String Palindrome Problems (Substring, Verification, Numbers)
easy-mediumTwo PointersDynamic ProgrammingManacher
Valid Palindrome (LeetCode 125)
Considering only alphanumeric characters and ignoring cases:
boolean isPalindrome(String s) {
int l = 0, r = s.length() - 1;
while (l < r) {
// Skip non-alphanumeric characters
while (l < r && !Character.isLetterOrDigit(s.charAt(l))) l++;
while (l < r && !Character.isLetterOrDigit(s.charAt(r))) r--;
if (Character.toLowerCase(s.charAt(l)) != Character.toLowerCase(s.charAt(r)))
return false;
l++;
r--;
}
return true;
}
Palindrome Number (LeetCode 9)
Determine if an integer is a palindrome without converting it to a string, by reversing the last half of the digits:
boolean isPalindromeNum(int x) {
// Negative numbers and non-zero numbers ending in 0 are not palindromes
if (x < 0 || (x % 10 == 0 && x != 0)) return false;
int reversedHalf = 0;
while (x > reversedHalf) {
reversedHalf = reversedHalf * 10 + x % 10;
x /= 10;
}
// When the length is even: x == reversedHalf
// When the length is odd: x == reversedHalf / 10 (ignore the middle digit)
return x == reversedHalf || x == reversedHalf / 10;
}
Longest Palindromic Substring (LeetCode 5)
Center Expansion Method (Recommended, O(n²))
String longestPalindrome(String s) {
if (s == null || s.length() < 1) return "";
int start = 0, maxLen = 1;
for (int i = 0; i < s.length(); i++) {
// Odd length (centered at i)
int len1 = expandAround(s, i, i);
// Even length (centered between i and i+1)

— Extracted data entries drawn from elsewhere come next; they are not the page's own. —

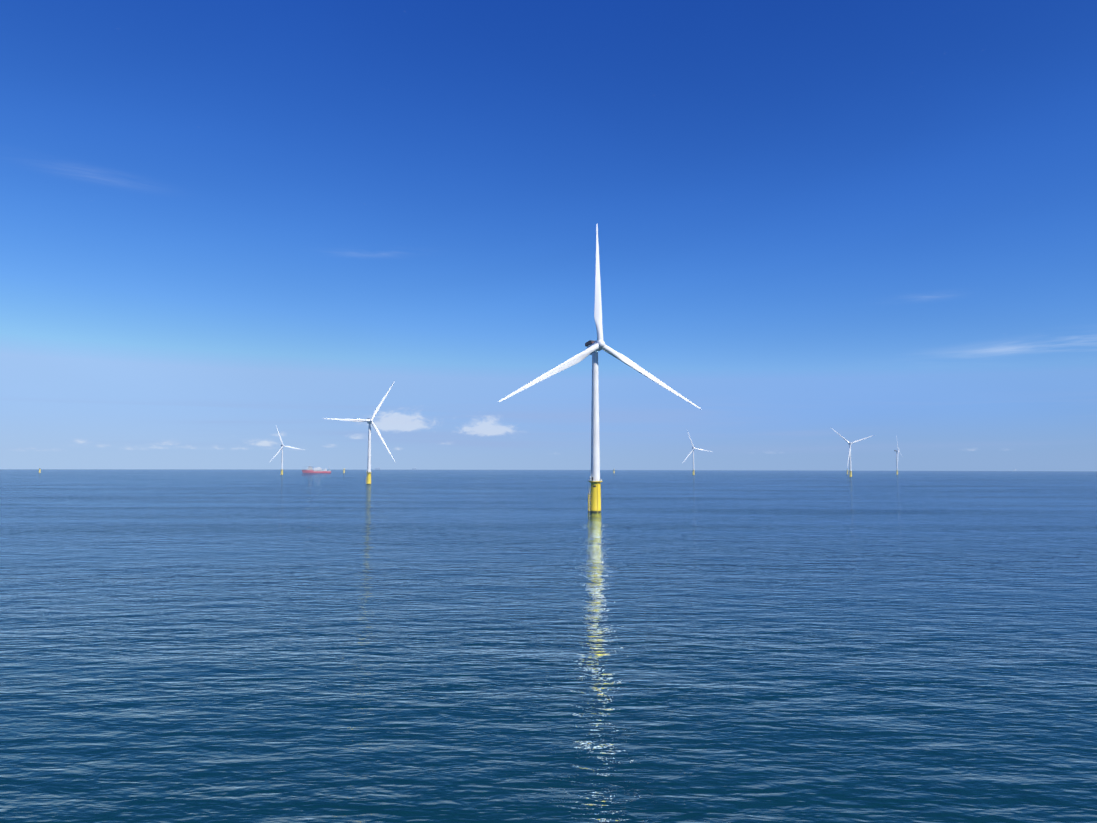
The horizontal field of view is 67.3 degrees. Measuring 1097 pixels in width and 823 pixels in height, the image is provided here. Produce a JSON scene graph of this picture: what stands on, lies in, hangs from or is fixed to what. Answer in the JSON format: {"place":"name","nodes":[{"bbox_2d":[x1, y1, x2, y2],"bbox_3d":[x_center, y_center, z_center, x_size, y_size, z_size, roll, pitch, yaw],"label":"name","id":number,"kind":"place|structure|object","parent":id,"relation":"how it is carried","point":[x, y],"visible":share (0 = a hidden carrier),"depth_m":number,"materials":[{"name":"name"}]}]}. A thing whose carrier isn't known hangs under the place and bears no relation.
{"place":"outdoors","nodes":[
{"label":"outdoors","id":0,"kind":"place"},
{"bbox_2d":[0,469,1096,822],"bbox_3d":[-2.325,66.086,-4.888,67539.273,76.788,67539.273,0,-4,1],"label":"sea","id":1,"kind":"structure","parent":0,"point":[234,645],"depth_m":128.49,"materials":[{"name":"liquid"}]},
{"bbox_2d":[270,426,302,474],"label":"turbine","id":2,"kind":"object","parent":1,"relation":"on","point":[282,445],"visible":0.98,"depth_m":2978.80,"materials":[{"name":"white metal"}]},
{"bbox_2d":[302,466,330,472],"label":"ship","id":3,"kind":"object","parent":1,"relation":"on","point":[316,470],"visible":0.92,"depth_m":4200.71,"materials":[{"name":"red metal"}]},
{"bbox_2d":[323,381,394,483],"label":"turbine","id":4,"kind":"object","parent":1,"relation":"in","point":[369,472],"visible":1,"depth_m":1365.57,"materials":[{"name":"white metal"}]},
{"bbox_2d":[499,224,701,511],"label":"turbine","id":5,"kind":"object","parent":1,"relation":"in","point":[595,480],"visible":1,"depth_m":519.03,"materials":[{"name":"white metal"}]},
{"bbox_2d":[684,433,711,474],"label":"turbine","id":6,"kind":"object","parent":1,"relation":"on","point":[693,472],"visible":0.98,"depth_m":3252.04,"materials":[{"name":"white metal"}]},
{"bbox_2d":[830,427,873,476],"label":"turbine","id":7,"kind":"object","parent":1,"relation":"on","point":[849,456],"visible":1,"depth_m":2584.29,"materials":[{"name":"white metal"}]},
{"bbox_2d":[894,435,900,474],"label":"turbine","id":8,"kind":"object","parent":1,"relation":"on","point":[896,451],"visible":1,"depth_m":3631.93,"materials":[{"name":"white metal"}]},
{"bbox_2d":[0,0,1096,470],"label":"sky","id":9,"kind":"structure","parent":0,"point":[224,224],"materials":[{"name":"blue"}]}
]}

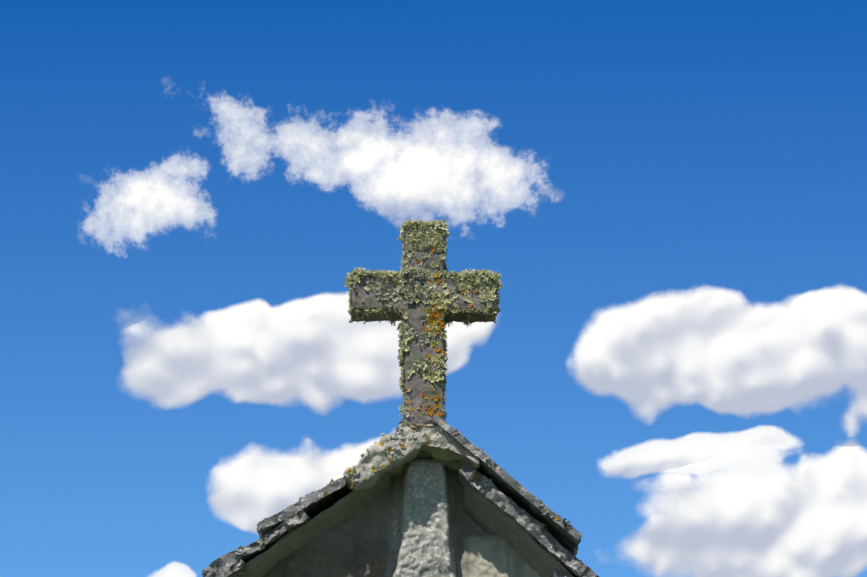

int len2 = expandAround(s, i, i + 1);
int len = Math.max(len1, len2);
if (len > maxLen) {
maxLen = len;
start = i - (len - 1) / 2;
}
}
return s.substring(start, start + maxLen);
}
private int expandAround(String s, int l, int r) {
while (l >= 0 && r < s.length() && s.charAt(l) == s.charAt(r)) {
l--;
r++;
}
return r - l - 1;
}
Dynamic Programming Approach (O(n²))
Define dp[i][j] as true if s[i..j] is a palindrome.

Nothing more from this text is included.